Line a baking sheet with parchment paper and brush with oil, set aside.
Lightly oil a medium to large bowl and set aside.

In bowl of electric mixer whisk yeast into warm water to dissolve and set aside for 5 minutes until mixture goes from beige water to a creamier, opaque beige color.
Using mixer's paddle attachment, add flours, table salt, sugar and caraway seeds and mix on medium-low until dough comes together. (If dough seems excessively dry add warm water one tablespoon at a time and continue beating till it comes together.)Remove paddle attachment and switch to dough hook. Beat on medium speed until dough is smooth, elastic and slightly tacky, 4-5 minutes.With mixer on low add cranberries and pecans.

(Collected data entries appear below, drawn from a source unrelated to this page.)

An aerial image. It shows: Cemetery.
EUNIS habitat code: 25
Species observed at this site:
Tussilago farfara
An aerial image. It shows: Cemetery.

Feel free to use your hands to knead in nuts and fruit if they are not being incorporated.Transfer dough to oiled bowl, cover with oiled plastic wrap and let rise in a warm, draft free place (I put mine in my oven, which was off) until doubled in bulk, about an hour.In small bowl beat egg with 1 Tablespoon of water.
Turn dough onto a lightly floured work surface. Roll out with rolling pin into a rectangle, about 13x10 inches and 1/2 inch thick.

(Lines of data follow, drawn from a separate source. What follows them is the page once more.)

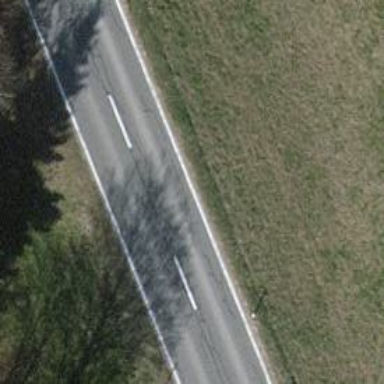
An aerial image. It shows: Tertiary road with dedicated cycle lane on the left side.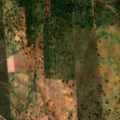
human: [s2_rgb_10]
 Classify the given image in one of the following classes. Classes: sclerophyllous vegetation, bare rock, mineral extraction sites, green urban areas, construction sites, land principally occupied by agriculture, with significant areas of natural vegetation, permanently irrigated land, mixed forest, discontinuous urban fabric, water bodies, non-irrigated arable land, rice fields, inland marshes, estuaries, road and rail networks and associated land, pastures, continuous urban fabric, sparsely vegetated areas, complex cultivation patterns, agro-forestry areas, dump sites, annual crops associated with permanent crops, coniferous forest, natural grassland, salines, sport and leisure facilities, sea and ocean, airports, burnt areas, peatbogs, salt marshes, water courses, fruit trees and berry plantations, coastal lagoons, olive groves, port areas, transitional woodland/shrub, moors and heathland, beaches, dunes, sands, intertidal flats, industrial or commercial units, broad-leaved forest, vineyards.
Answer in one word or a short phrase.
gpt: non-irrigated arable land, olive groves, agro-forestry areas, transitional woodland/shrub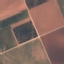
Land use / land cover class: AnnualCrop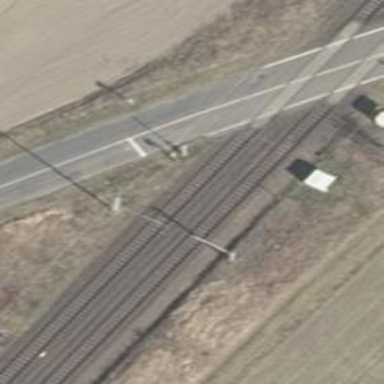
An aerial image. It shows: Railway signal.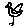
Label: bird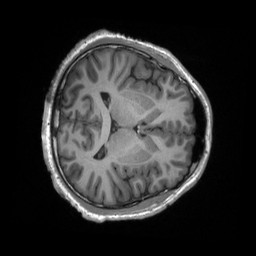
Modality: T1w
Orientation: axial
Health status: healthy
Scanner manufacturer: siemens
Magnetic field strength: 3 T
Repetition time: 2.3 s
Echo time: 0.00228 s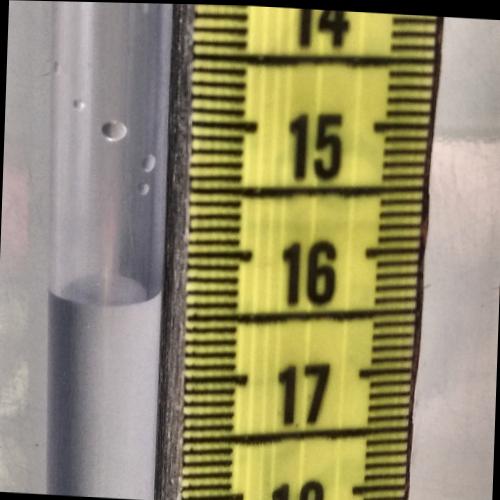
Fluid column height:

Fold 1/2 inch flaps inward on both short ends. Starting at the top, roll the dough towards you gently pressing as you go to form a tight log.

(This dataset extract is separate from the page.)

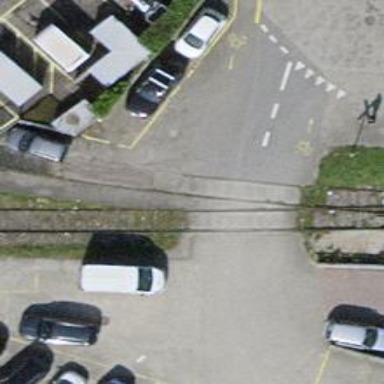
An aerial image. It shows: Level crossing along the railway.

Gently roll log back and forth to seal the seam. If seam doesn't stay sealed brush it with beaten egg and press down again to seal.

Transfer loaf to baking sheet, seam side down. Cover loosely with plastic wrap and let rise in a warm place until dough is puffed and holds an impression from your fingertip, about 45 minutes.

Preheat oven to 350
Brush the loaf generously with egg wash and sprinkle with sea salt.
Bake, rotating sheet halfway through, until the crust is deep golden brown, and an instant-read thermometer inserted in the center of the bread registers 190 degrees on an instant read thermometer, 35-40 minutes.
Transfer bread to a wire rack to cool completely before slicing.